I'm having an issue with a filter program I wrote. It detects if a file is a PDF document by reading the first 5 bytes of the file and comparing it to a fixed buffer :
25 50 44 46 2D
This works fine except that I'm seeing a few files that starts with a byte order mark instead:
EF BB BF 25 50 44 46 2D
^-------^
I'm wondering if that is actually allowed by the PDF specs. If I check section 7.5 of that documentation, I read it as "no":
The first line of a PDF file shall be a header consisting of the 5 characters %PDF– followed by a version number of the form 1.N, where N is a digit between 0 and 7
Yet, I see these documents in the wild and the users gets confused because PDF reader programs can open these documents by my filter reject them.

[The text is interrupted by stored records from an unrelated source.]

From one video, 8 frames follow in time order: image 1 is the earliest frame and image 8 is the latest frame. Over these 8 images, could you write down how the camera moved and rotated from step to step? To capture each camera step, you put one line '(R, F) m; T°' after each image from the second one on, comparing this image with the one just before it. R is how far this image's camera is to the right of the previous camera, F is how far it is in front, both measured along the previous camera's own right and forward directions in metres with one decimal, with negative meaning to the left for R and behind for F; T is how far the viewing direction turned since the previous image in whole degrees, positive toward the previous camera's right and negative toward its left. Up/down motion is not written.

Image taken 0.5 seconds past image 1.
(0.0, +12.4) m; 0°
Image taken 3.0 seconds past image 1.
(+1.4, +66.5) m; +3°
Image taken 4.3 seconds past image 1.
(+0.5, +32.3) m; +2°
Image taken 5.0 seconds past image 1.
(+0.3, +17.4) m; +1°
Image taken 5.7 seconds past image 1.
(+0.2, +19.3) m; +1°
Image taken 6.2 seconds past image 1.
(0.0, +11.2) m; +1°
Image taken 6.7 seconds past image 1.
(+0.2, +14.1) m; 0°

So: are BOM markers allowed at the start of PDF documents ? (I'm NOT talking about string objects here but the PDF file itself)
So: are BOM markers allowed at the start of PDF documents ?

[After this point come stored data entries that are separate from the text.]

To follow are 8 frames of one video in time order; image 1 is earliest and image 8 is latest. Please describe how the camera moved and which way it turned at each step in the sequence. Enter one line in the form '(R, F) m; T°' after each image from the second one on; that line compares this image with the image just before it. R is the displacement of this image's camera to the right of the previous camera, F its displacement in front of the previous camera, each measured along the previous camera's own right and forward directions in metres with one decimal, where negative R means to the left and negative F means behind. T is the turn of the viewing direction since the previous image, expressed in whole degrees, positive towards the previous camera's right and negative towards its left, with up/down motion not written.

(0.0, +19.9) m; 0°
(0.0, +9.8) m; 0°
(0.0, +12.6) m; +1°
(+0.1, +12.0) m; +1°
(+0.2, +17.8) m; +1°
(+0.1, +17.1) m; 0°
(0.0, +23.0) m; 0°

No, just like you read in the specification, nothing is allowed before the "%PDF" bytes.
But Adobe Reader has a long history of accepting files in spite of some leading or trailing trash bytes.
Cf. the implementation notes in Appendix H of Adobe's pdf_reference_1-7:
3.4.1, “File Header”
Acrobat viewers require only that the header appear somewhere within
the first 1024 bytes of the file.
Acrobat viewers also accept a header of the form
%!PS−Adobe−N.n PDF−M.m
...
3.4.4, “File Trailer”
Acrobat viewers require only that the %%EOF marker appear somewhere
within the last 1024 bytes of the file.
And people have a tendency to think that a PDF that Adobe Reader displays as desired is valid, there are many PDFs in the wild that do have trash bytes up front.
No, a BOM is not valid at the front a PDF file.
A PDF is a binary file format so a BOM wouldn't actually make sense, it would be like having a BOM at the front of a ZIP file or a JPEG.
I'm guessing the PDFs that you are consuming are coming from misconfigured applications that either have something already at the front of their output buffer already or, more likely, are created with the incorrect assumption that a PDF is a text-based format.